После торжеств участники парада разъезжались — кто в отпуск, кто в часть. Ромашкина вызвали в управление кадров. Пропуск был заказан. Пройдя по коридору, отделанному высокими деревянными панелями, Ромашкин остановился у двери с номером, написанным в пропуске. Дверь была массивная, с начищенной медной ручкой. Ромашкин приоткрыл ее, спросил:
— Разрешите? Капитан Ромашкин.
— Жду вас, — приветливо отозвался полковник и, встав из-за стола, пошел навстречу.

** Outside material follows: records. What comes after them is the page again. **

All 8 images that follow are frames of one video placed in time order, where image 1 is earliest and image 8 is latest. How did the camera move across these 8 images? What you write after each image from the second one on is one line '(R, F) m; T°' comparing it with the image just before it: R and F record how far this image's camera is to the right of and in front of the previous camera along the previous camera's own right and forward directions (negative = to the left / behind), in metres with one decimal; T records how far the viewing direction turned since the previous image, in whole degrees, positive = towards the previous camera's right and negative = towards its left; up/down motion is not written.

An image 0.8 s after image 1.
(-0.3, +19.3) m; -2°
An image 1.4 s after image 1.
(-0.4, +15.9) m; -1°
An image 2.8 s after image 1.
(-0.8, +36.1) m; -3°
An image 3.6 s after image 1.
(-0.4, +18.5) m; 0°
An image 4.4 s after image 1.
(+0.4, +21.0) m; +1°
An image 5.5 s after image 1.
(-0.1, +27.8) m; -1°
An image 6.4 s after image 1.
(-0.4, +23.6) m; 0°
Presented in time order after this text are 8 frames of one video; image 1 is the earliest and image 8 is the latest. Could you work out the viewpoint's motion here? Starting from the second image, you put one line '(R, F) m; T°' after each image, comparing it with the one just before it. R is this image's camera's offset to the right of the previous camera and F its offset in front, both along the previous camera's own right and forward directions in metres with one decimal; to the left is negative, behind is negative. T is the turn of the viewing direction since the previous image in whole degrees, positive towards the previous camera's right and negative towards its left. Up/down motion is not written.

— Я вроде бы вовремя, — сказал Ромашкин, взглянув на часы.
— Все в порядке, — подтвердил полковник. Он откровенно разглядывал Василия и улыбался одними глазами, будто иронически спрашивал: «Ну, что ты обо всем этом думаешь?» Потом сказал: — Я пригласил вас, чтобы узнать, что вы намерены делать после войны?
Василию вопрос показался очень наивным и ненужным. Пожав плечами, он ответил:
— Служить.
— А где именно?
— В своем полку.
— Война кончилась, армию надо сокращать, многие полки будут расформированы. Ваш тоже.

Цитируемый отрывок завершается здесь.